— EXERCISE REQUIREMENTS —
Work out how many lines in the entries below include the word "trees". Give nothing but the number.
START DATA TO USE
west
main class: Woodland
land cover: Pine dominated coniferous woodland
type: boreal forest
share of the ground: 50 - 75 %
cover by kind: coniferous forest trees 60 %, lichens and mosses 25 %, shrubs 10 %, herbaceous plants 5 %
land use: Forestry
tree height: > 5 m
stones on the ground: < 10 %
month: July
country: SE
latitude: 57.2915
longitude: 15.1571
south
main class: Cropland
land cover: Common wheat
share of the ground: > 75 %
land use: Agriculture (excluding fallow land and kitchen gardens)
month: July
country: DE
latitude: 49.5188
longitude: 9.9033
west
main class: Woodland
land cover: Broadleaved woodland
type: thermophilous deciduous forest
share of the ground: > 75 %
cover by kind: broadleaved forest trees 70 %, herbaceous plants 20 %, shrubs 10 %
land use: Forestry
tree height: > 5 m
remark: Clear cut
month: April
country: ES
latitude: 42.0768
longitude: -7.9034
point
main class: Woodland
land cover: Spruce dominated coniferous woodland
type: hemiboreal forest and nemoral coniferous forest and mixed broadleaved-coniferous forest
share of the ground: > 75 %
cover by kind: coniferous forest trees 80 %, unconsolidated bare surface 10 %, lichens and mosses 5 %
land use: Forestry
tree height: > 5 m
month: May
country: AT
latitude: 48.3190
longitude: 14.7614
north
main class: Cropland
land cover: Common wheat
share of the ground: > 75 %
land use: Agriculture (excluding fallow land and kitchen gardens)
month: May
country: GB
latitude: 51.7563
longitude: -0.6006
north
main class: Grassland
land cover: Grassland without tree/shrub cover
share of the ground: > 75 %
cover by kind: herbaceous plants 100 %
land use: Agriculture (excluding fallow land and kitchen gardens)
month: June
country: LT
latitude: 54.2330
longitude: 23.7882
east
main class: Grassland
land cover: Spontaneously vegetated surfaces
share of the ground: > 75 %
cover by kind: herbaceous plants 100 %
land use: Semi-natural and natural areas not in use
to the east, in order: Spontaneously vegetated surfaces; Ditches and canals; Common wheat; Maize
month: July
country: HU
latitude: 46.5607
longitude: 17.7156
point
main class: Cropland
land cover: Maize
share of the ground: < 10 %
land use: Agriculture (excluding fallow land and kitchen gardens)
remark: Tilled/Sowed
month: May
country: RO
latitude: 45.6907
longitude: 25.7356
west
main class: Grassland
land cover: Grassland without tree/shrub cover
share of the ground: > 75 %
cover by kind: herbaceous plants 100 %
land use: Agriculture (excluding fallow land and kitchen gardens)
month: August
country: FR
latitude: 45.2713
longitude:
END DATA TO USE
— REPLY —
3